WHAT YOU HAVE TO DO → This exercise calls for all the entries that follow to be set down exactly, without their images.

══ SOURCE DATA

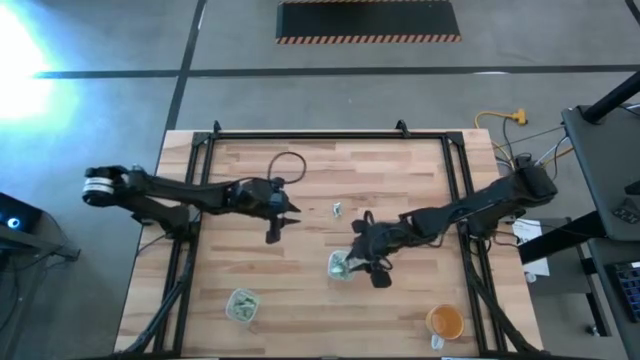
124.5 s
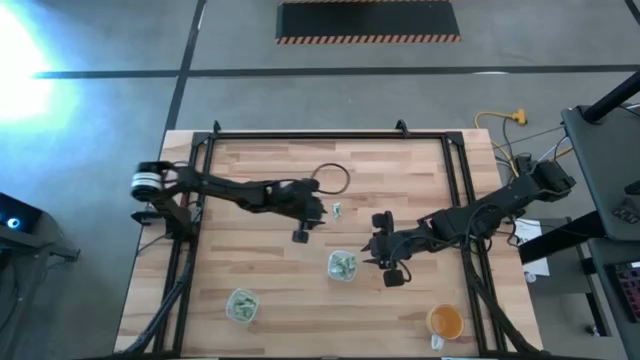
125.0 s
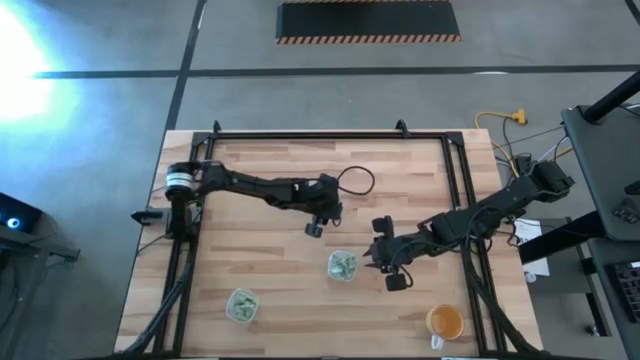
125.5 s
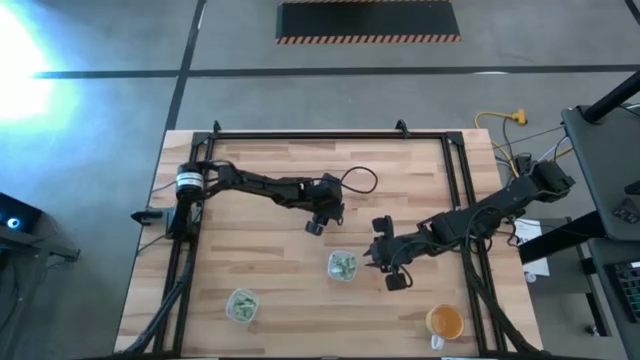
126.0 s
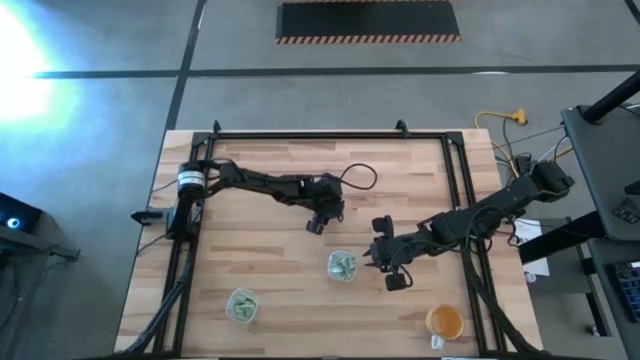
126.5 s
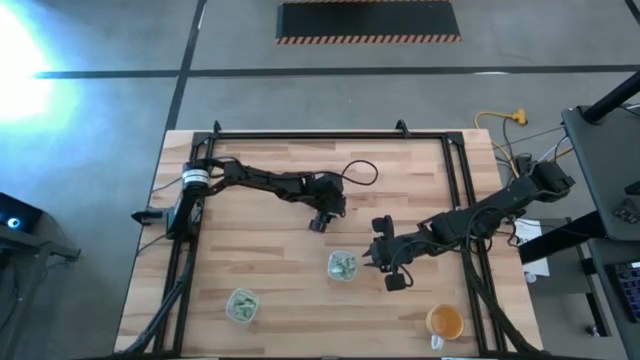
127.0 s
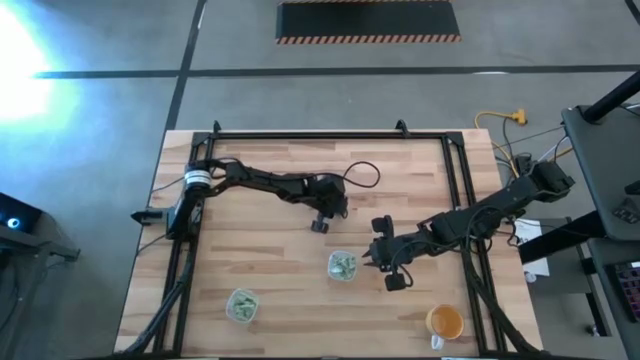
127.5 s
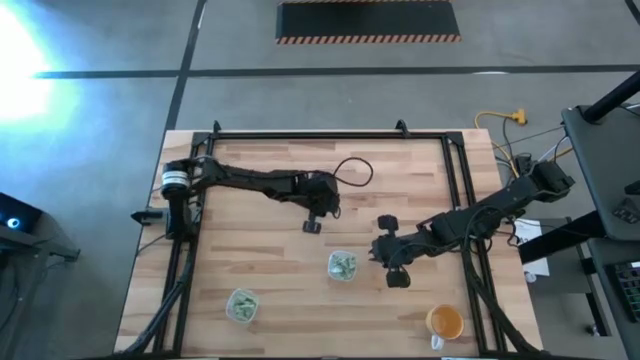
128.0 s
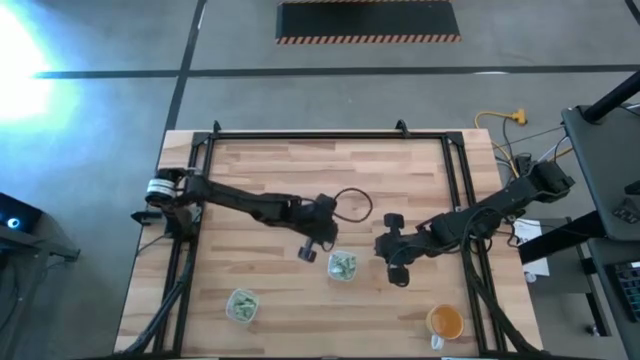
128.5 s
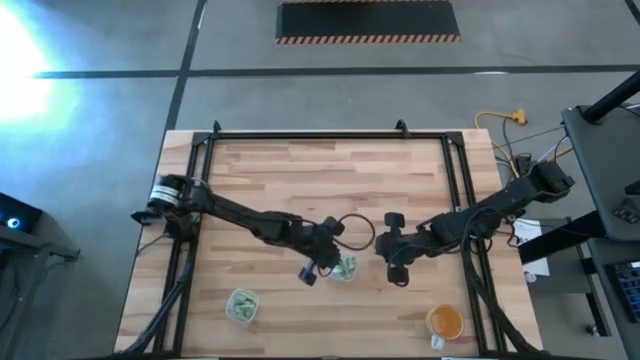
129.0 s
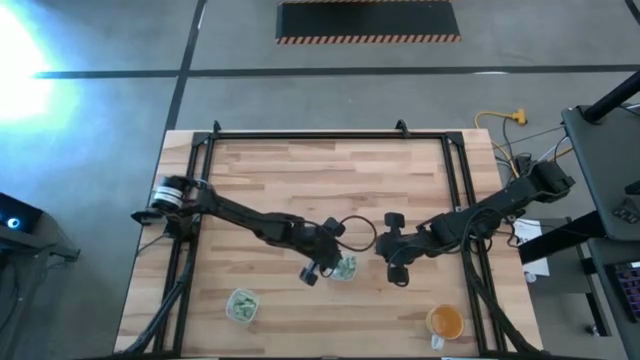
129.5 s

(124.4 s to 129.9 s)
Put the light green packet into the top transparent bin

════

RESULT BELOW →
124.5 s
125.0 s
125.5 s
126.0 s
126.5 s
127.0 s
127.5 s
128.0 s
128.5 s
129.0 s
129.5 s

(124.4 s to 129.9 s)
Put the light green packet into the top transparent bin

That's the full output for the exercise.